[Collection entries]
+ + + +
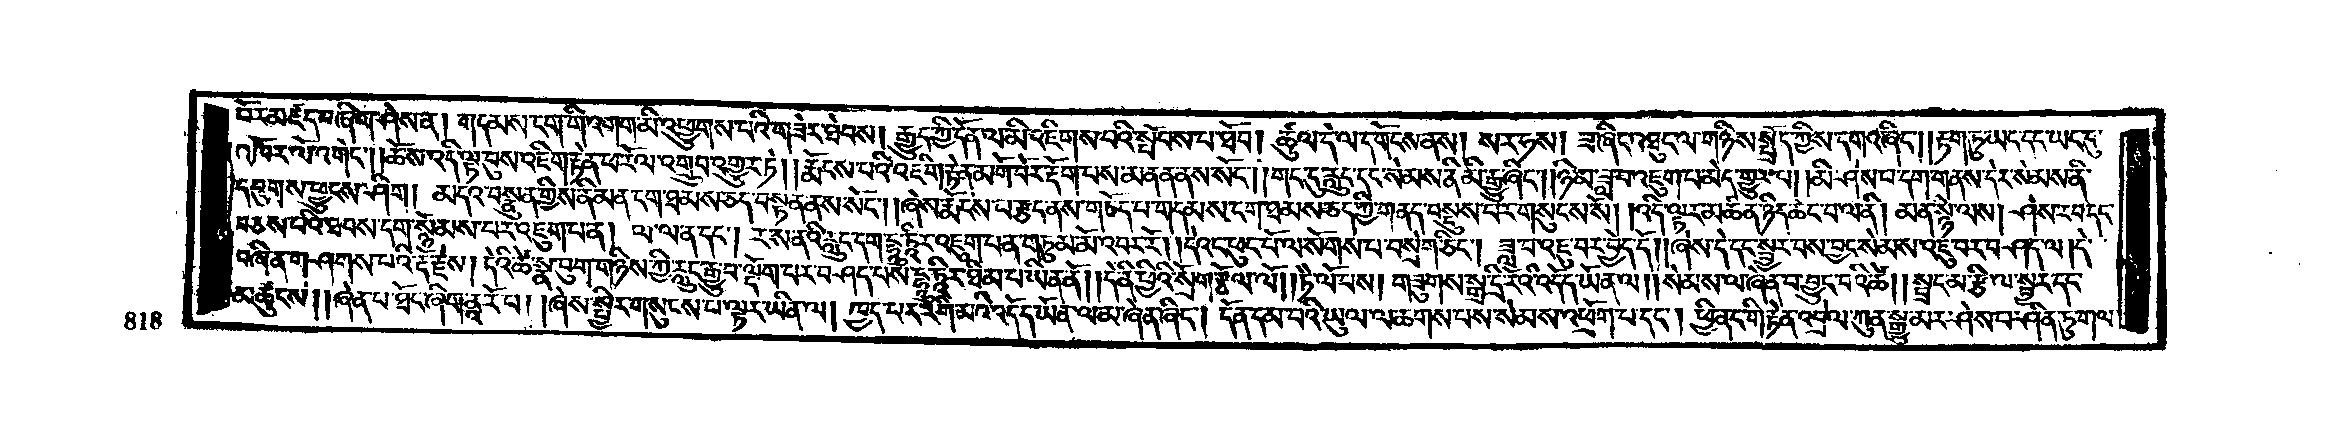པོར་མཛད་པ་ཞིག་ཤེས་ན། གདམས་ངག་གི་འགག་མི་འཕྱུགས་པའི་གཟེར་ཐེབས། རྒྱུད་ཀྱི་དོན་ལ་མི་འཇིགས་པའི་སྤོབས་པ་ཐོབ། ཚུལ་དེ་ལ་དགོངས་ནས། ས་ར་ཧས། ཟ་ཞིང་འཐུང་ལ་གཉིས་སྤྲོད་ཀྱིས་དགའ་ཞིང་། །རྟག་ཏུ་ཡང་དང་ཡང་དུ་
འཁོར་ལོ་འགེང་། །ཆོས་འདི་ལྟ་བུས་འཇིག་རྟེན་ཕ་རོལ་འགྲུབ་འགྱུར་ཏེ། །རྨོངས་པའི་འཇིག་རྟེན་མགོ་བོར་རྡོག་པས་མནན་ནས་སོང་། །གང་དུ་རླུང་དང་སེམས་ནི་མི་རྒྱུ་ཞིང་། །ཉི་མ་ཟླ་བ་འཇུག་པ་མེད་གྱུར་པ། །མི་ཤེས་པ་དག་གནས་དེར་སེམས་ནི་
དབུགས་ཕྱུངས་ཤིག །མདའ་བསྣུན་གྱིས་ནི་མན་ངག་ཐམས་ཅད་བསྟན་ནས་སོང་། །ཞེས་རྨོངས་པ་རྩད་ནས་གཅོད་པ་གདམས་ངག་ཐམས་ཅད་ཀྱི་གནད་བསྡུས་པར་གསུངས་སོ། །འདི་ལྟར་མཚན་ཉིད་ཚང་བ་ལ་ནི། མན་སྙེ་ལས། ཤེས་རབ་དང་
བཅས་པའི་ཐབས་དག་སྙོམས་པར་འཇུག་པ་ན། ལ་ལ་ན་དང་། ར་ས་ནའི་རླུང་དག་དྷཱུ་ཏཱིར་འཇུག་པ་ན་གཏུམ་མོ་འབར་རོ། །དེའང་ཕུང་པོ་ལ་སོགས་པ་བསྲེག་ཅིང་། ཟླ་བ་འཇུ་བར་བྱེད་དོ། །ཞེས་དེ་དང་སྦྱར་བས་བྱང་སེམས་འཇུ་བར་བཤད་ལ། དེ་
བཞིན་གཤེགས་པའི་རྡོ་རྗེས། དེའི་ཚེ་སྣ་བུག་གཉིས་ཀྱི་རླུང་རྒྱུ་བ་ལྡོག་པར་བཤད་པས་དྷཱུ་ཏཱིར་ཐིམ་པ་ཡིན་ནོ། །དེ་ནི་ཕྱིའི་སྲོག་རྩོལ་ལོ། །ཏཻ་ལོ་པས། གཟུགས་སྒྲ་དྲི་རོའི་འདོད་ཡོན་ལ། །སེམས་ལ་ཞེན་པ་བྱུང་བའི་ཚེ། །སྦྲང་མ་རྩི་ལ་སྦྱར་དང་
མཚུངས། །ཞེན་པ་ཐོང་ཞིག་ནཱ་རོ་པ། །ཞེས་སྤྱིར་གསུངས་པ་ལྟར་ཡིན་ལ། ཁྱད་པར་རིག་མའི་འདོད་ཡོན་ལ་མ་ཞེན་ཞིང་། དོན་དམ་པའི་ཡུལ་ལ་ཆགས་པས་སེམས་འཕྲོག་པ་དང་། ཕྱི་ནང་གི་རྟེན་འབྲེལ་ཀུན་སྒྱུ་མར་ཤེས་པ་ཤིན་ཏུ་གལ་
+ + + +
**TRY IT**:
Restate the entries above word for word, keeping pictures out of the copy.

**SOLUTION FOR THIS EXERCISE**:
པོར་མཛད་པ་ཞིག་ཤེས་ན། གདམས་ངག་གི་འགག་མི་འཕྱུགས་པའི་གཟེར་ཐེབས། རྒྱུད་ཀྱི་དོན་ལ་མི་འཇིགས་པའི་སྤོབས་པ་ཐོབ། ཚུལ་དེ་ལ་དགོངས་ནས། ས་ར་ཧས། ཟ་ཞིང་འཐུང་ལ་གཉིས་སྤྲོད་ཀྱིས་དགའ་ཞིང་། །རྟག་ཏུ་ཡང་དང་ཡང་དུ་
འཁོར་ལོ་འགེང་། །ཆོས་འདི་ལྟ་བུས་འཇིག་རྟེན་ཕ་རོལ་འགྲུབ་འགྱུར་ཏེ། །རྨོངས་པའི་འཇིག་རྟེན་མགོ་བོར་རྡོག་པས་མནན་ནས་སོང་། །གང་དུ་རླུང་དང་སེམས་ནི་མི་རྒྱུ་ཞིང་། །ཉི་མ་ཟླ་བ་འཇུག་པ་མེད་གྱུར་པ། །མི་ཤེས་པ་དག་གནས་དེར་སེམས་ནི་
དབུགས་ཕྱུངས་ཤིག །མདའ་བསྣུན་གྱིས་ནི་མན་ངག་ཐམས་ཅད་བསྟན་ནས་སོང་། །ཞེས་རྨོངས་པ་རྩད་ནས་གཅོད་པ་གདམས་ངག་ཐམས་ཅད་ཀྱི་གནད་བསྡུས་པར་གསུངས་སོ། །འདི་ལྟར་མཚན་ཉིད་ཚང་བ་ལ་ནི། མན་སྙེ་ལས། ཤེས་རབ་དང་
བཅས་པའི་ཐབས་དག་སྙོམས་པར་འཇུག་པ་ན། ལ་ལ་ན་དང་། ར་ས་ནའི་རླུང་དག་དྷཱུ་ཏཱིར་འཇུག་པ་ན་གཏུམ་མོ་འབར་རོ། །དེའང་ཕུང་པོ་ལ་སོགས་པ་བསྲེག་ཅིང་། ཟླ་བ་འཇུ་བར་བྱེད་དོ། །ཞེས་དེ་དང་སྦྱར་བས་བྱང་སེམས་འཇུ་བར་བཤད་ལ། དེ་
བཞིན་གཤེགས་པའི་རྡོ་རྗེས། དེའི་ཚེ་སྣ་བུག་གཉིས་ཀྱི་རླུང་རྒྱུ་བ་ལྡོག་པར་བཤད་པས་དྷཱུ་ཏཱིར་ཐིམ་པ་ཡིན་ནོ། །དེ་ནི་ཕྱིའི་སྲོག་རྩོལ་ལོ། །ཏཻ་ལོ་པས། གཟུགས་སྒྲ་དྲི་རོའི་འདོད་ཡོན་ལ། །སེམས་ལ་ཞེན་པ་བྱུང་བའི་ཚེ། །སྦྲང་མ་རྩི་ལ་སྦྱར་དང་
མཚུངས། །ཞེན་པ་ཐོང་ཞིག་ནཱ་རོ་པ། །ཞེས་སྤྱིར་གསུངས་པ་ལྟར་ཡིན་ལ། ཁྱད་པར་རིག་མའི་འདོད་ཡོན་ལ་མ་ཞེན་ཞིང་། དོན་དམ་པའི་ཡུལ་ལ་ཆགས་པས་སེམས་འཕྲོག་པ་དང་། ཕྱི་ནང་གི་རྟེན་འབྲེལ་ཀུན་སྒྱུ་མར་ཤེས་པ་ཤིན་ཏུ་གལ་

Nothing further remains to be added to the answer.